Once the net sales proceeds are deposited to the investor’s account in the escrow for purchase of the replacement property, constructive receipt is still avoided since the funds cannot be released until the seller of the replacement property approves their release or the escrow is closed.

The buyer’s trustee may fund all of the purchase or improvement costs of the replacement property out of the impounded net sales proceeds from the property sold by the investor. These disbursements should be made through the purchase escrow on the replacement property being improved.

If additional funds are required beyond the amount held by the trustee, the investor can advance them as part of the purchase price – again through escrow.

The investor will take title to the replacement property directly from the seller of the replacement property. It is unnecessary for the buyer’s trustee or a transfer facilitator to hold title or any interest in the replacement property, at any time. [Alderson v. Commissioner (9th Cir. 1963) 317 F2d 790; Revenue Ruling 90-34]
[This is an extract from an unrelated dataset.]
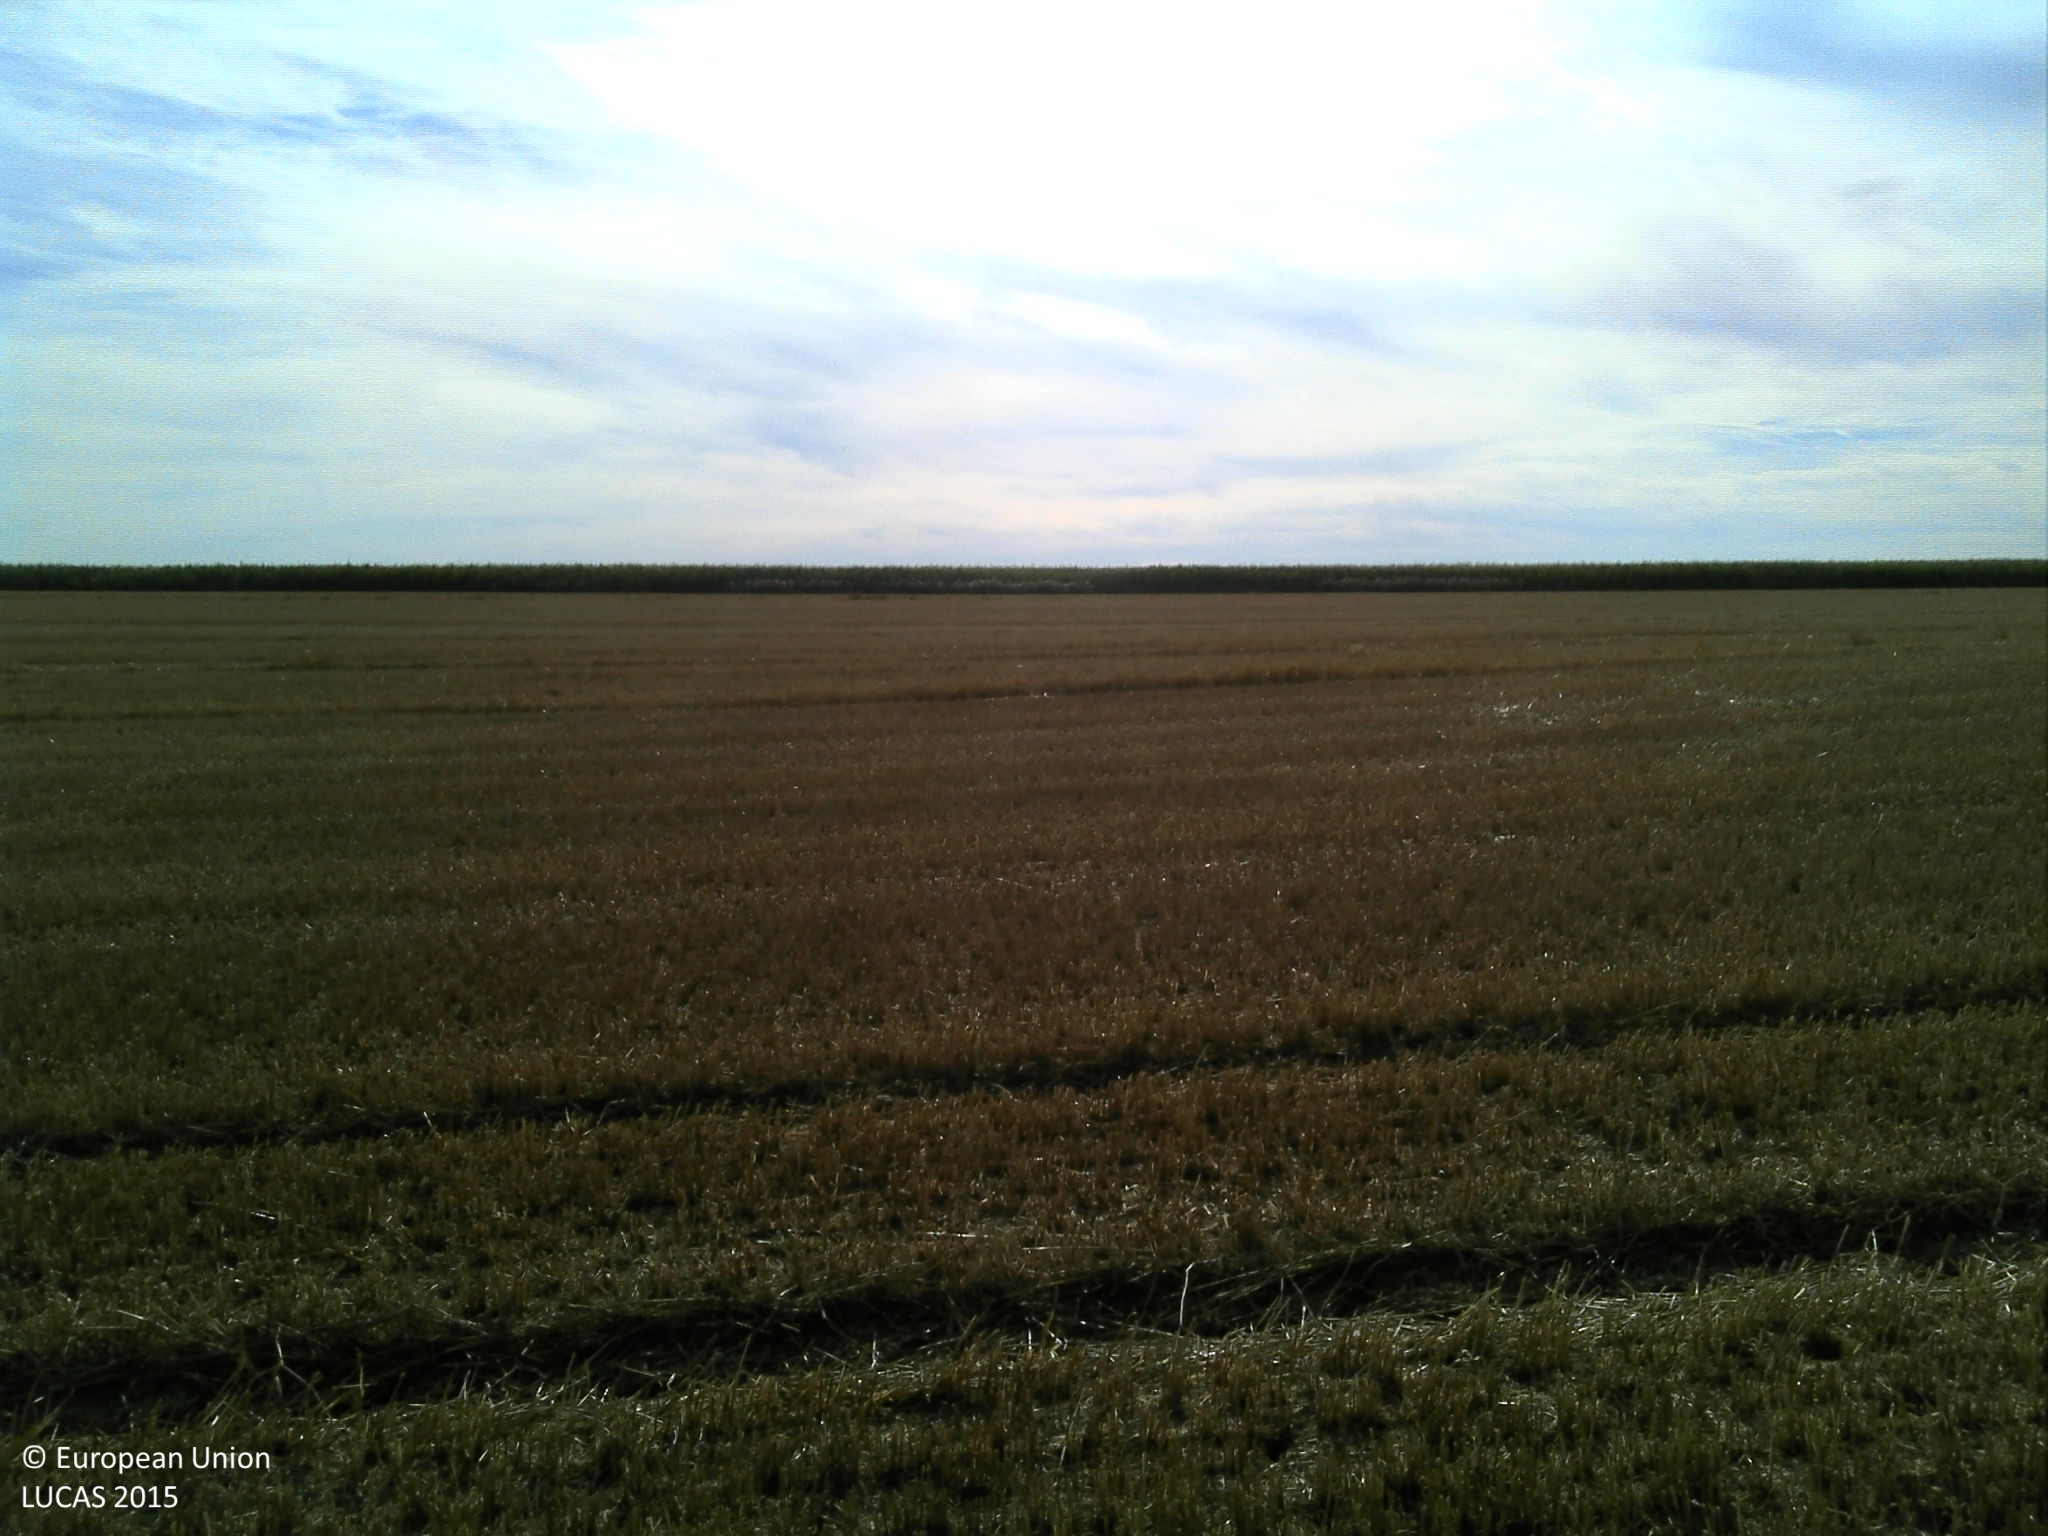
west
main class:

The policy of title insurance on the replacement property will always be in the name of the investor, as will the assumption of any loans.
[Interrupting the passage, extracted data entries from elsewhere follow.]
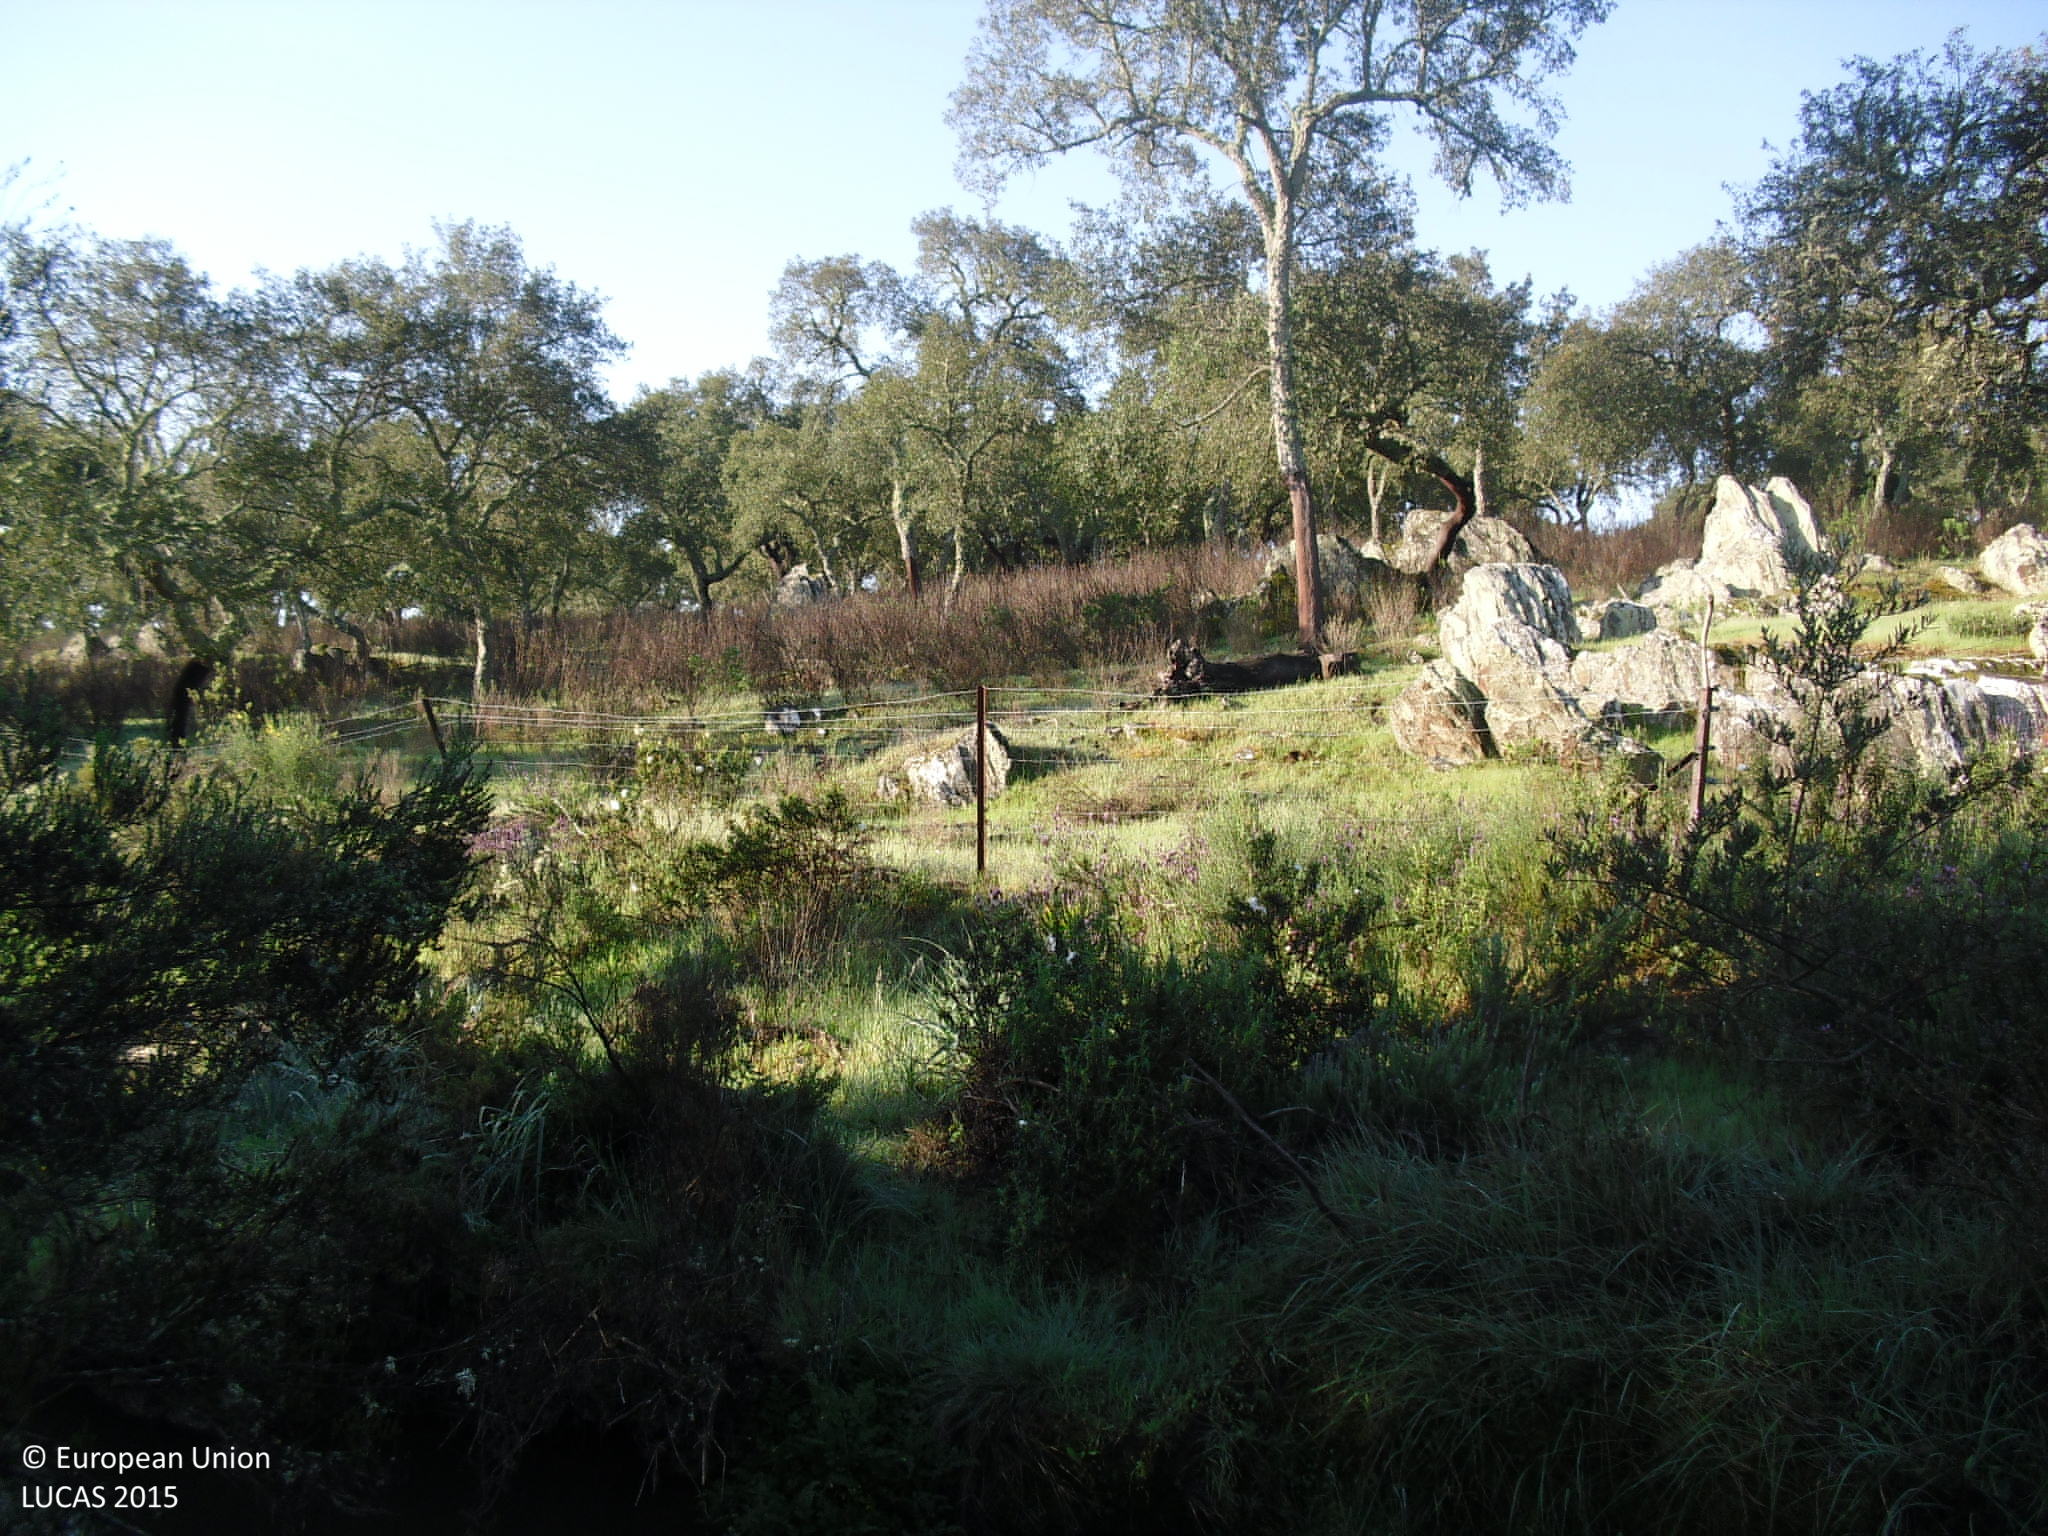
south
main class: Woodland
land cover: Broadleaved woodland
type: broadleaved evergreen forest
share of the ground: 25 - 50 %
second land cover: Grassland without tree/shrub cover
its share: > 75 %
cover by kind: herbaceous plants 60 %, broadleaved forest trees 30 %, shrubs 10 %
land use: Forestry
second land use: Agriculture (excluding fallow land and kitchen gardens)
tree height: > 5 m
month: April
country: ES
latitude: 39.6418
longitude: -7.4931

The §1031 trustee will not take title and accordingly will not need a title policy or a second escrow – the trustee’s only task is to fund the purchase. The trustee has no need to act as a strawman to take title and further convey the replacement property to the investor.

Refinance of the replacement property

When the transaction calls for the investor to refinance the replacement property, as in a cash-to-new-loan purchase or exchange agreement, the trust deed for the new loan obtained by the investor is recorded concurrently with the deed conveying the replacement property.

The net proceeds of the new loan are entered on the Recap Sheet as cash paid to acquire the replacement property. These proceeds are from a purchase money loan, called cash boot, not from the assumption of an existing loan, called mortgage boot. [See Form 354 §1.9]

The borrowing of cash under the new financing originated by the investor is in itself an accounting wash since a note is given in exchange for cash borrowed and used to purchase the replacement property.

Thus, the borrowing, being merely the source of the capital invested, is not entered on the Recap Sheet at §1.4 or §1.10.

However, the disbursement of borrowed funds to purchase the replacement property is a cash investment since it is a contribution to the basis in the property acquired. [See Form 354 §5.2]

Impounded funds remaining

Receipt of the unused funds from the sales proceeds is reported as a cash item in the §1031 transaction.

 Should the funds held by the trustee not be entirely disbursed on completion of the §1031 transaction, the trustee, after deducting his fee, will deliver the remaining impounded funds, as well as any interest accrued, directly to the investor.Receipt of the unused funds from the sales proceeds is reported as a cash item in the §1031 transaction. To avoid actual receipt, funds may not be withdrawn before acquiring a replacement property. [Rev. Regs. §1.1031(k)-1(f)]

Interest received by the investor which has accrued on the sales proceeds held by the §1031 trustee is separately reported as the investor’s portfolio/investment category income during the year the interest accrues. [Starker, supra]

Any sales proceeds remaining after closing the purchase of the replacement property are first offset by any carryback note or cash items (boats/airplanes/trust deeds) executed or given by the owner to purchase the replacement property. No tax is incurred on the cash withdrawn and offset by the amount of a carryback note or the value of personal property, and the basis in the property sold (along with profit on that sale) is carried forward to the replacement property without reduction.